#### Source records

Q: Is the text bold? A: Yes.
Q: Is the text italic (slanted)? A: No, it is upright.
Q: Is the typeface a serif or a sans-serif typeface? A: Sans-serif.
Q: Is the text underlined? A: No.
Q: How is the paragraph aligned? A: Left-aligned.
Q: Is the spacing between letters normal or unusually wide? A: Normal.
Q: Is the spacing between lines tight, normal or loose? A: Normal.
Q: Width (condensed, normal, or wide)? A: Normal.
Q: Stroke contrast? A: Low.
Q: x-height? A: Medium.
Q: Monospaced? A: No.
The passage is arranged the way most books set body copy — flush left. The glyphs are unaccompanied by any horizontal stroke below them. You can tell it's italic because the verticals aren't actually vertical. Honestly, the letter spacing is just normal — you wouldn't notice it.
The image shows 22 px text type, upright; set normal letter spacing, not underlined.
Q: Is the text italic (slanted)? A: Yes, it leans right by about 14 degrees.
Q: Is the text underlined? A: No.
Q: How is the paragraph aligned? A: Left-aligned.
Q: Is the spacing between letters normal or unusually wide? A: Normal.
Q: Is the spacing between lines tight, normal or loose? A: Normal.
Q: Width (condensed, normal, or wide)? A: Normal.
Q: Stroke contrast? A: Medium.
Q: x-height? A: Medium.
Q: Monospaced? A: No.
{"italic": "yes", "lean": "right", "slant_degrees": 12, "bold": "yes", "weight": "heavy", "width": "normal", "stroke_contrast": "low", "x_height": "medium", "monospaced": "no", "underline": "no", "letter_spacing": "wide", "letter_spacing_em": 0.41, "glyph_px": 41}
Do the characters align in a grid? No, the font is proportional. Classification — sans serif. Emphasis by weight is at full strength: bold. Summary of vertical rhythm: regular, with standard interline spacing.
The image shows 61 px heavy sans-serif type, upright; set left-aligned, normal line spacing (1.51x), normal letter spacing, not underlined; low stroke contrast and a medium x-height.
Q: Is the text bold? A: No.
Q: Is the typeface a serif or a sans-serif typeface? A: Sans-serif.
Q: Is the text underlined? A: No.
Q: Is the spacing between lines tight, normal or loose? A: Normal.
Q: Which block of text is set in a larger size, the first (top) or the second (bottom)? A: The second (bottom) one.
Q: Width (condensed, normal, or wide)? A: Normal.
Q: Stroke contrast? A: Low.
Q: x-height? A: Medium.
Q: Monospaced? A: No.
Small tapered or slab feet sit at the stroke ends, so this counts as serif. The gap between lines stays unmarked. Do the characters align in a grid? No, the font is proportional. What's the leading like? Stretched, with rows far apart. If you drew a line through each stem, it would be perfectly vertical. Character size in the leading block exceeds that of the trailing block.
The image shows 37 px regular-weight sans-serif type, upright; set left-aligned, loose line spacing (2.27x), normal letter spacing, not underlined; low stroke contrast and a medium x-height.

########

Instructions to follow: Reproduce exactly the line containing "Q: Is the text bold? A: No." and every line after it through the end of the records above, and nothing else.

Result of the task:
Q: Is the text bold? A: No.
Q: Is the typeface a serif or a sans-serif typeface? A: Sans-serif.
Q: Is the text underlined? A: No.
Q: Is the spacing between lines tight, normal or loose? A: Normal.
Q: Which block of text is set in a larger size, the first (top) or the second (bottom)? A: The second (bottom) one.
Q: Width (condensed, normal, or wide)? A: Normal.
Q: Stroke contrast? A: Low.
Q: x-height? A: Medium.
Q: Monospaced? A: No.
Small tapered or slab feet sit at the stroke ends, so this counts as serif. The gap between lines stays unmarked. Do the characters align in a grid? No, the font is proportional. What's the leading like? Stretched, with rows far apart. If you drew a line through each stem, it would be perfectly vertical. Character size in the leading block exceeds that of the trailing block.
The image shows 37 px regular-weight sans-serif type, upright; set left-aligned, loose line spacing (2.27x), normal letter spacing, not underlined; low stroke contrast and a medium x-height.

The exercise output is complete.